NCTA has partnered with “1871,” a local technology incubator, and a dozen partners from the cable and communications industry. Bell expects up to 200 young local developers will start working on projects just before INTX begins; the top six projects will be showcased near Imagine Park beginning Wednesday.
The decades-old CableNet collection of table-top-sized exhibits of emerging technologies, has been also been rebranded and is now called “Tek Stadium.” CableLabs manages the 680-square-foot collection of technical exhibits, that will integrate more than 30 demonstrations ranging from automated Ethernet workflow to intelligent WiFi traffic steering. The exhibits encompass 4K UHD-TV, managed device software and applications, subscriber messaging platforms, IoT, next-generation platform security and “monetization of multiscreen TV.”
Throughout INTX, there will be speeches and demonstrations as operators, programmers and tech vendors try to figure out how to exploit cloud capabilities for multi-platform delivery. Vendors such as thePlatform, a subsidiary of Comcast, will focus their INTX messages on cloud strategies.
“The opportunity now exists to create far more unified viewing experiences that blend linear, VOD, rentals, specialized bundles, and purchases, while respecting viewing windows and content rights obligations,” said Marty Roberts, co-CEO of thePlatform. “The friction caused by these silos remains too high.”
Todd Collart, general manager of Deluxe OnDemand, summarized the complexity facing the cable industry.
“Our customers are looking for opportunities to monetize the big screen experience and TVE applications,” Collart said. “We’ll be showcasing solutions that will accelerate their ability to bring 4K UHD services to market and launch an electronic sell-through offering with a deep library of multiscreen-ready movie and television content.”
Bringing dynamic advertising to the new multiplatform mix is also on the INTX agenda.
“We’re seeing the rollout of video advertising solutions follow the consumer trend toward time-shifted viewing on smartphones, tablets and other IP devices,” said Nick Troiano, president and CEO, BlackArrow. “Our customers are investing in solutions that let them monetize TV Everywhere content so that advertisers can get their messages to consumers in a targeted way, across all screens.”
Metrological, Rotterdam-based TV app provider, has high hopes for its first appearance at the U.S. cable convention.

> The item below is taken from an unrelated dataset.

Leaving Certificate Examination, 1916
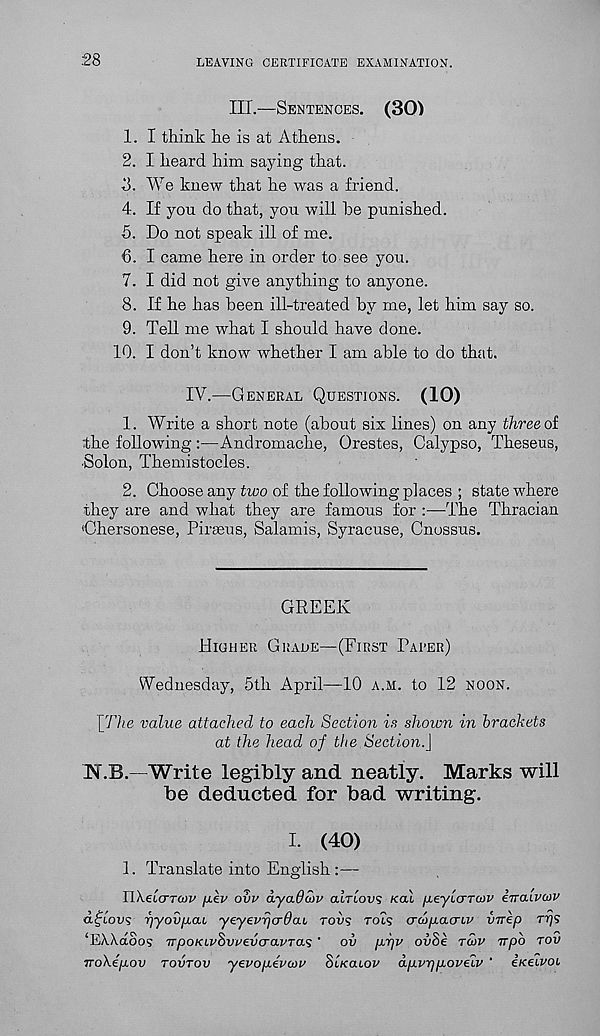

The company, which recently won an European Cable Congress Innovation award, will exhibit and its CTO will present a paper at the Tech Forum.
“INTX is a big show for us,” said Jeroen Ghijsen, CEO and co-founder of Metrological. “We are looking forward to ... the growing industry discussions around integrating apps into the overall cable video experience.”
The convention’s co-chairs Alfred Liggins, chairman and CEO of TV One, and Jerry Kent, chairman and CEO of Suddenlink Communications, concur about the need for inter-industry agreements.
“We’ve transcended old boundaries and entered promising new domains,” they said in a statement, calling INTX a reflection of “this reality.”
York, Bell and the NCTA organizers hope that the expected 10,000 attendees will appreciate the convergence of competing interests.